START Given records

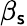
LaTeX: \beta_{\mathsf{s}}
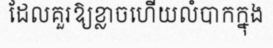
ដែលគួរឱ្យខ្លាចហើយលំបាកក្នុង
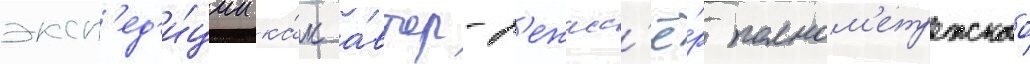
эксп'ед'и́ции ка́к а́втор-р'ежисс'ё́р полном'етражного
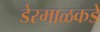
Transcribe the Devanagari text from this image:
डेरमाळकडे
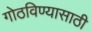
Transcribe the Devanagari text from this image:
गोठविण्यासाठी
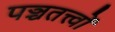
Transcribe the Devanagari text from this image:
पञ्चतत्त्वों
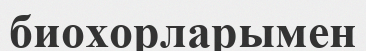
биохорларымен
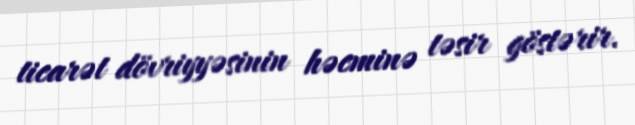
ticarət dövriyyəsinin həcminə təsir göstərir.
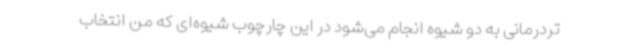
تردرمانی به دو شیوه انجام می‌شود در این چارچوب شیوه‌ای که من انتخاب
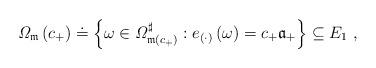
LaTeX: \begin{align*}\mathit{\Omega }_{\mathfrak{m}}\left( c_{+}\right) \doteq \left\{ \omega \in \mathit{\Omega }_{\mathfrak{m}\left( c_{+}\right) }^{\sharp }:e_{(\cdot)}\left( \omega \right) =c_{+}\mathfrak{a}_{+}\right\}\subseteq E_{1}\ , \end{align*}
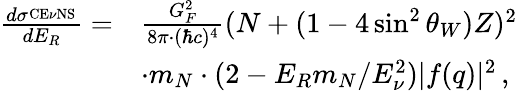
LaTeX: \begin{array}{rl}{\frac{d\sigma^{_{\mathrm{CE}\nu\mathrm{NS}}}}{dE_{R}}=}&{\frac{G_{F}^{2}}{8\pi\cdot(\hbar c)^{4}}(N+(1-4\sin^{2}\theta_{W})Z)^{2}}\\ &{\cdot m_{N}\cdot(2-E_{R}m_{N}/E_{\nu}^{2})|f(q)|^{2}\, ,}\end{array}
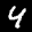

END Given records

Try it
What you return must match the records exactly, apart from the images, which are omitted.

Answer to the exercise
LaTeX: \beta_{\mathsf{s}}
ដែលគួរឱ្យខ្លាចហើយលំបាកក្នុង
эксп'ед'и́ции ка́к а́втор-р'ежисс'ё́р полном'етражного
Transcribe the Devanagari text from this image:
डेरमाळकडे
Transcribe the Devanagari text from this image:
गोठविण्यासाठी
Transcribe the Devanagari text from this image:
पञ्चतत्त्वों
биохорларымен
ticarət dövriyyəsinin həcminə təsir göstərir.
تردرمانی به دو شیوه انجام می‌شود در این چارچوب شیوه‌ای که من انتخاب
LaTeX: \begin{align*}\mathit{\Omega }_{\mathfrak{m}}\left( c_{+}\right) \doteq \left\{ \omega \in \mathit{\Omega }_{\mathfrak{m}\left( c_{+}\right) }^{\sharp }:e_{(\cdot)}\left( \omega \right) =c_{+}\mathfrak{a}_{+}\right\}\subseteq E_{1}\ , \end{align*}
LaTeX: \begin{array}{rl}{\frac{d\sigma^{_{\mathrm{CE}\nu\mathrm{NS}}}}{dE_{R}}=}&{\frac{G_{F}^{2}}{8\pi\cdot(\hbar c)^{4}}(N+(1-4\sin^{2}\theta_{W})Z)^{2}}\\ &{\cdot m_{N}\cdot(2-E_{R}m_{N}/E_{\nu}^{2})|f(q)|^{2}\, ,}\end{array}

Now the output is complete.